> _Work item_: Restate the data below word for word, and let no image into your version.

• • • • •

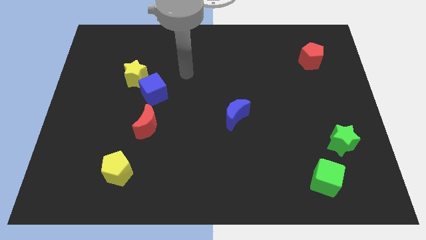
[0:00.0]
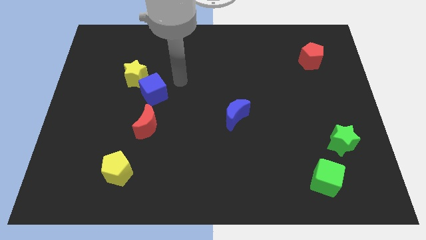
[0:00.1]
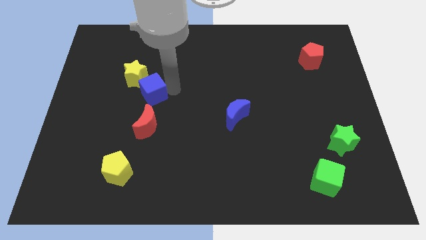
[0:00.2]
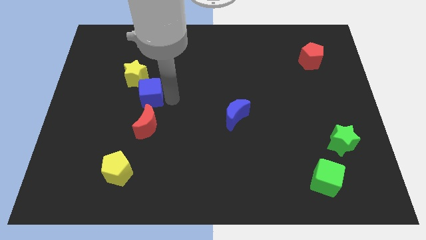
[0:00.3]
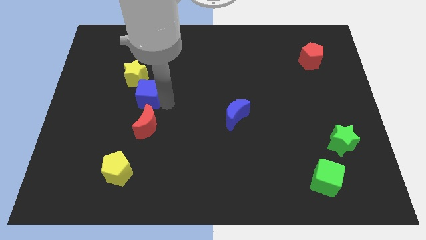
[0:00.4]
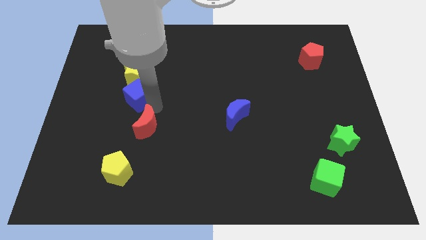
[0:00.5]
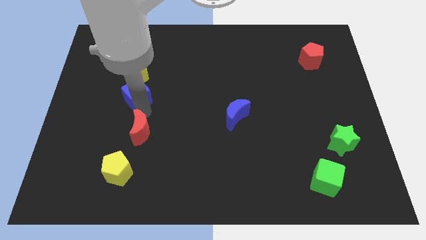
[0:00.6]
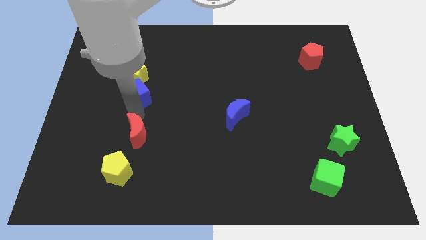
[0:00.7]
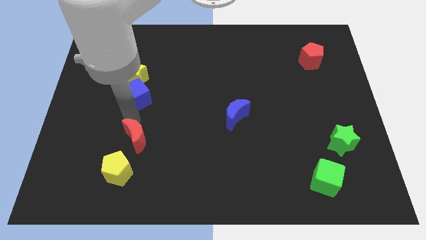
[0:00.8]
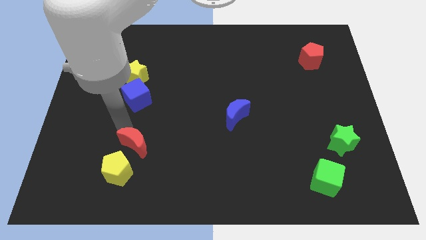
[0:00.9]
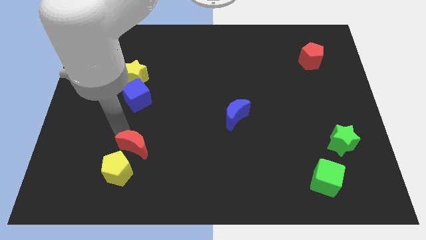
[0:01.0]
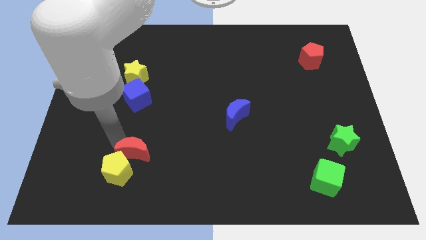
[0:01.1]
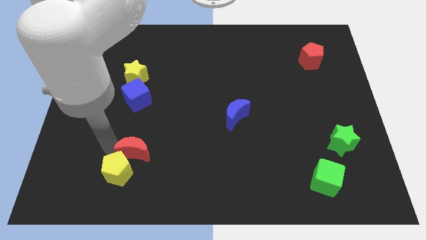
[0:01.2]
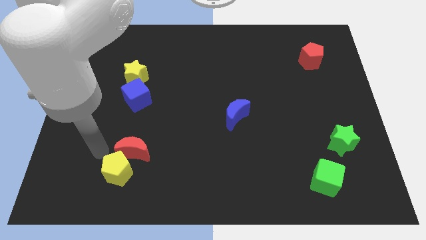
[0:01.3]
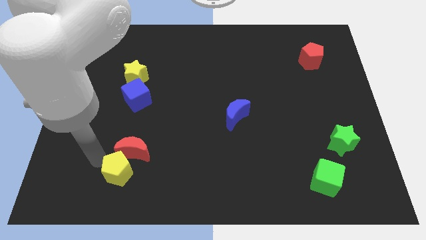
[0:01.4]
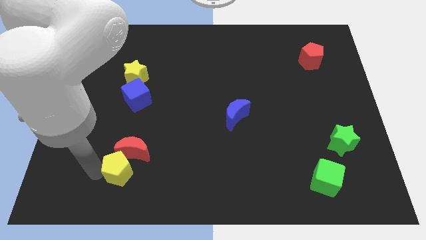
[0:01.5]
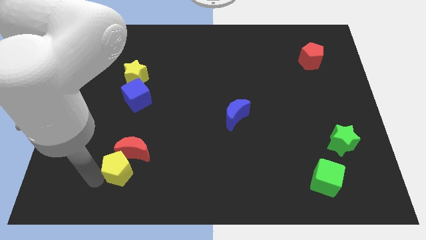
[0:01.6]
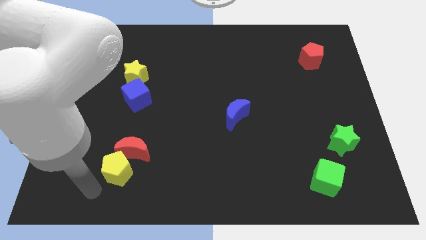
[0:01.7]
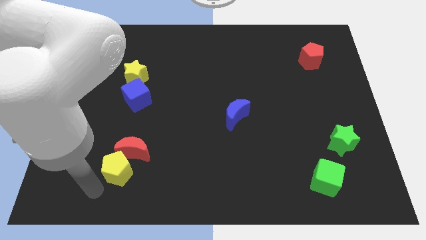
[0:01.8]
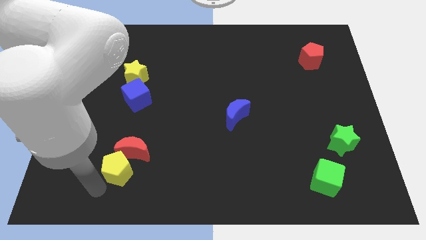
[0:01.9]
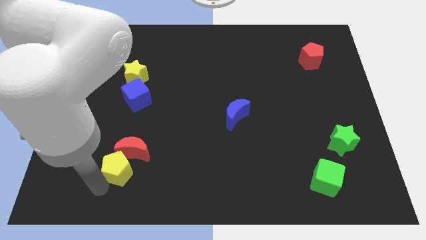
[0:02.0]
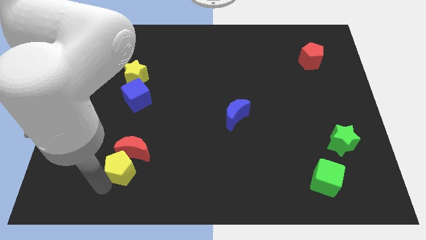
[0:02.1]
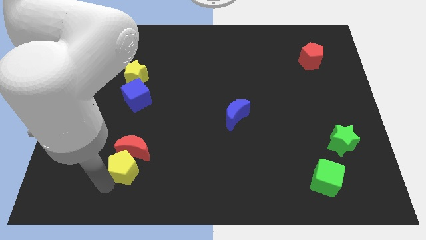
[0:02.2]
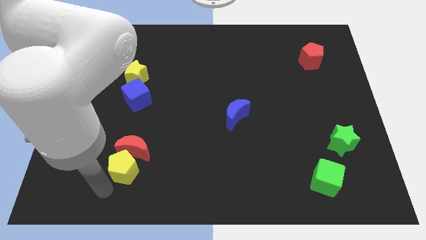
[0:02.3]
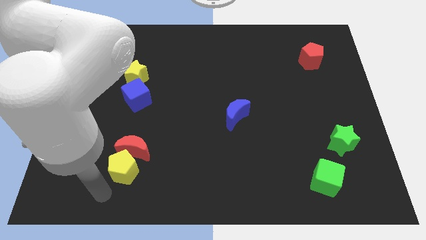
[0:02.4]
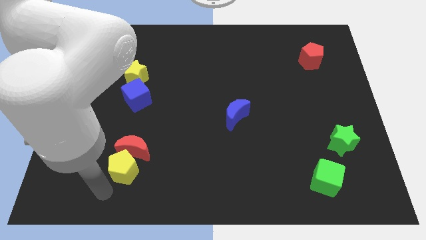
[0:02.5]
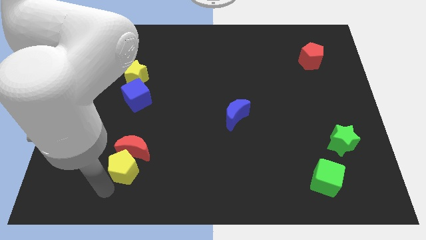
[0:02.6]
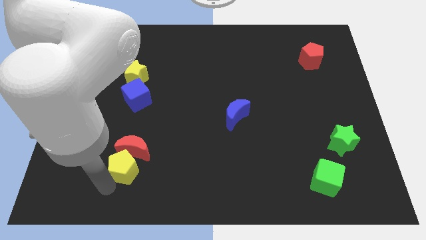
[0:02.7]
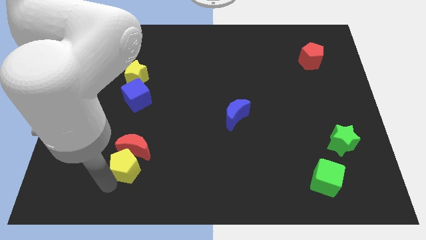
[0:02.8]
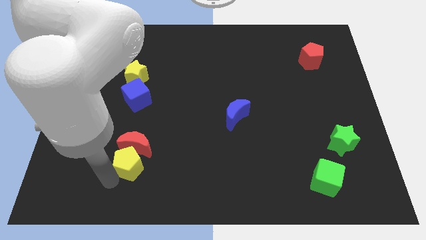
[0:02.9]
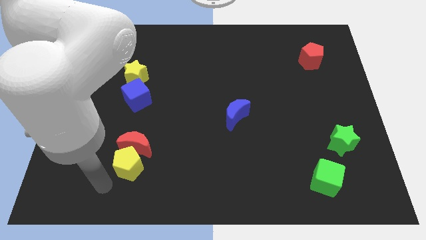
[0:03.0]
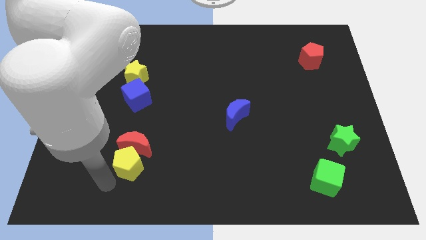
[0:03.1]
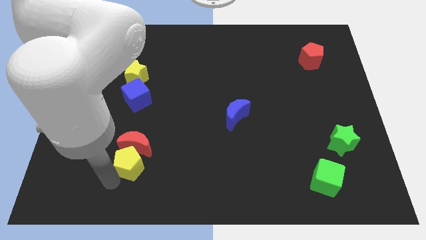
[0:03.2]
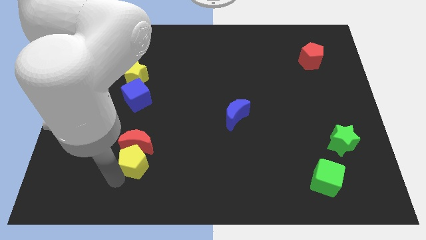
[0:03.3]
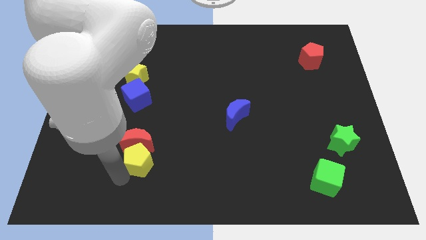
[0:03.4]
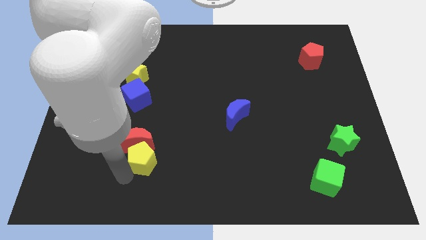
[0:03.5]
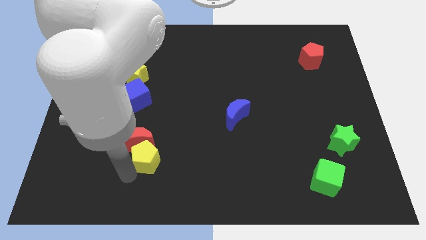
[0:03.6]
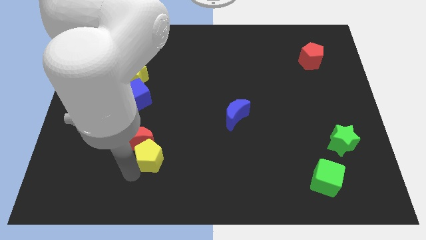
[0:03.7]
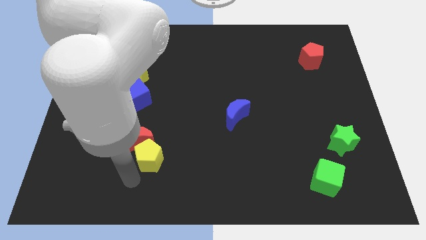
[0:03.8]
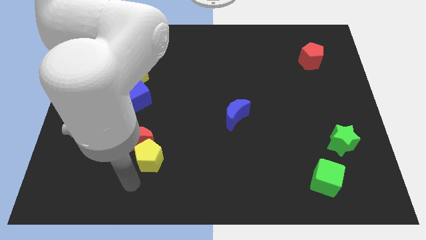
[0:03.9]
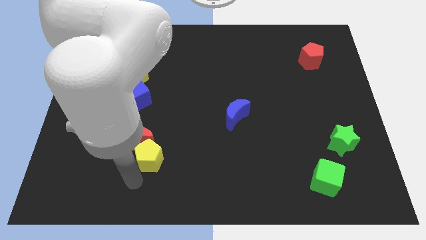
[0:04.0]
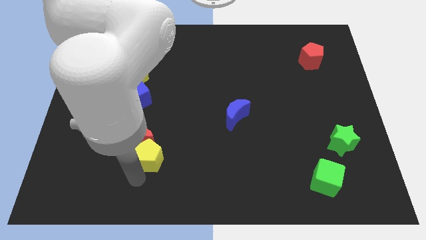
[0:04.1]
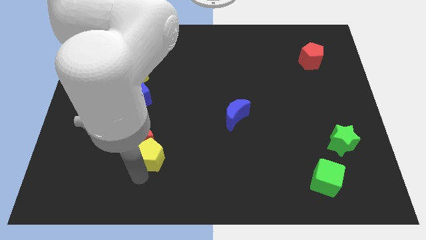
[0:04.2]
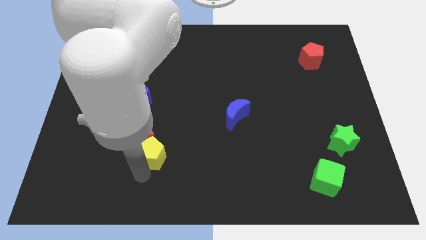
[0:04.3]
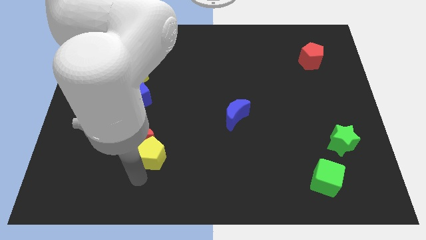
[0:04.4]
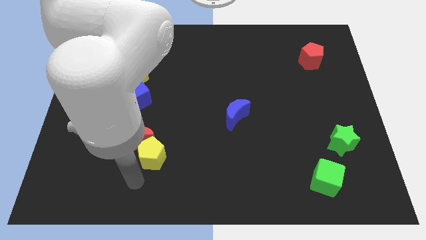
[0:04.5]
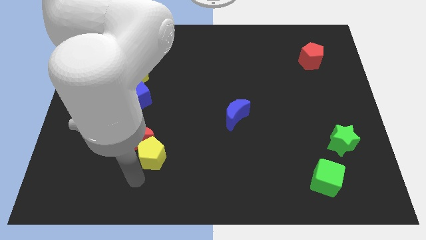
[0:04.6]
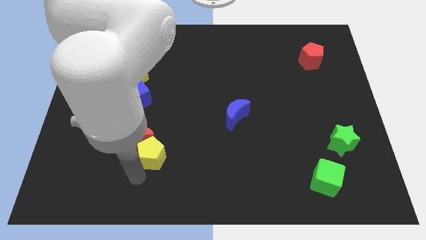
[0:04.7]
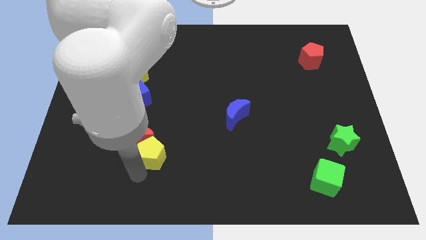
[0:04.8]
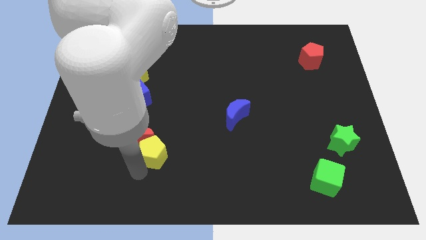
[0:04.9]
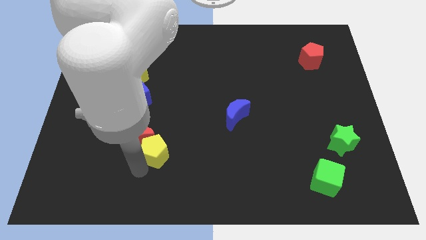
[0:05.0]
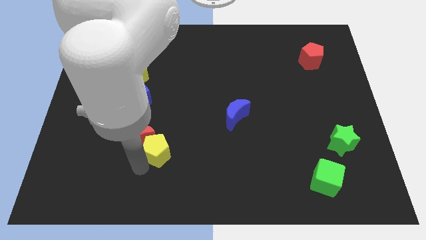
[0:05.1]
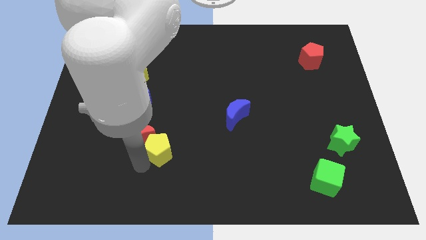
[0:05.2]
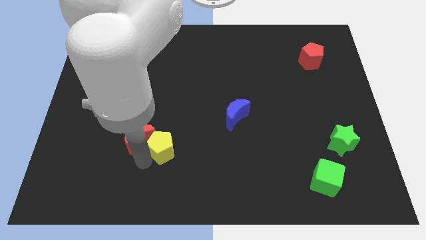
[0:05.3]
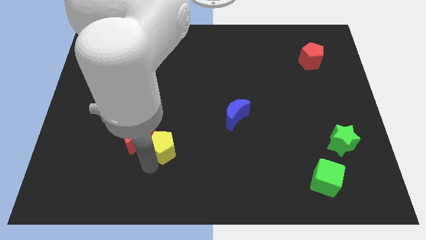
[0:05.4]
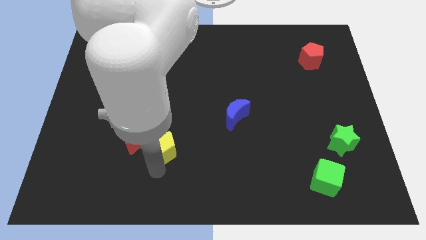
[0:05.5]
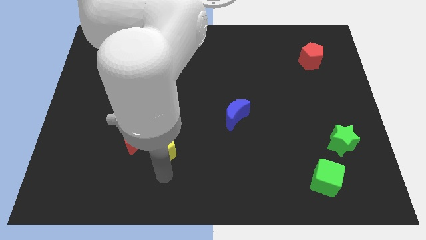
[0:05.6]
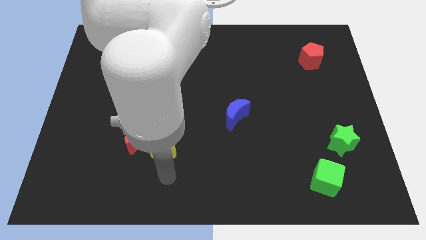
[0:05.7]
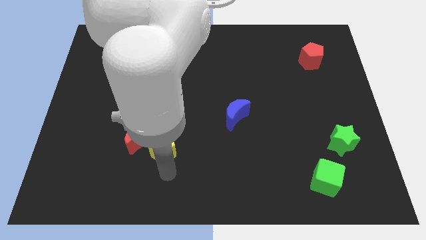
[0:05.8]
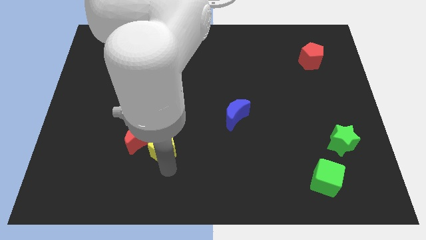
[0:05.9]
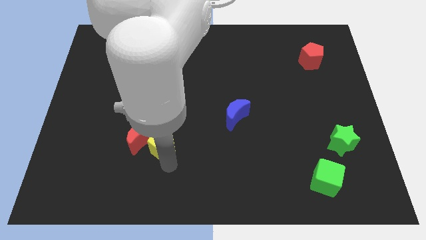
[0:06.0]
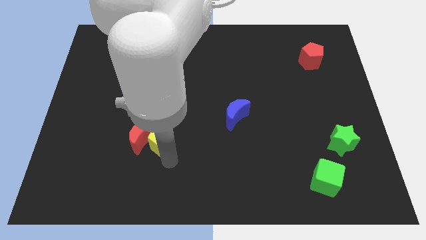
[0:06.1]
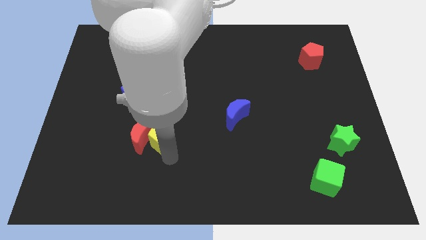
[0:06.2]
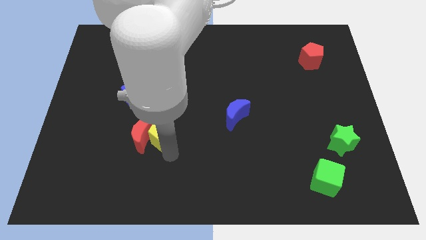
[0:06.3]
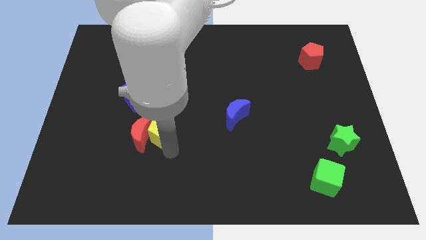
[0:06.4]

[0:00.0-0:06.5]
push the yellow pentagon to the bottom right of the blue cube

• • • • •

> _Exercise solution_:
[0:00.0]
[0:00.1]
[0:00.2]
[0:00.3]
[0:00.4]
[0:00.5]
[0:00.6]
[0:00.7]
[0:00.8]
[0:00.9]
[0:01.0]
[0:01.1]
[0:01.2]
[0:01.3]
[0:01.4]
[0:01.5]
[0:01.6]
[0:01.7]
[0:01.8]
[0:01.9]
[0:02.0]
[0:02.1]
[0:02.2]
[0:02.3]
[0:02.4]
[0:02.5]
[0:02.6]
[0:02.7]
[0:02.8]
[0:02.9]
[0:03.0]
[0:03.1]
[0:03.2]
[0:03.3]
[0:03.4]
[0:03.5]
[0:03.6]
[0:03.7]
[0:03.8]
[0:03.9]
[0:04.0]
[0:04.1]
[0:04.2]
[0:04.3]
[0:04.4]
[0:04.5]
[0:04.6]
[0:04.7]
[0:04.8]
[0:04.9]
[0:05.0]
[0:05.1]
[0:05.2]
[0:05.3]
[0:05.4]
[0:05.5]
[0:05.6]
[0:05.7]
[0:05.8]
[0:05.9]
[0:06.0]
[0:06.1]
[0:06.2]
[0:06.3]
[0:06.4]

[0:00.0-0:06.5]
push the yellow pentagon to the bottom right of the blue cube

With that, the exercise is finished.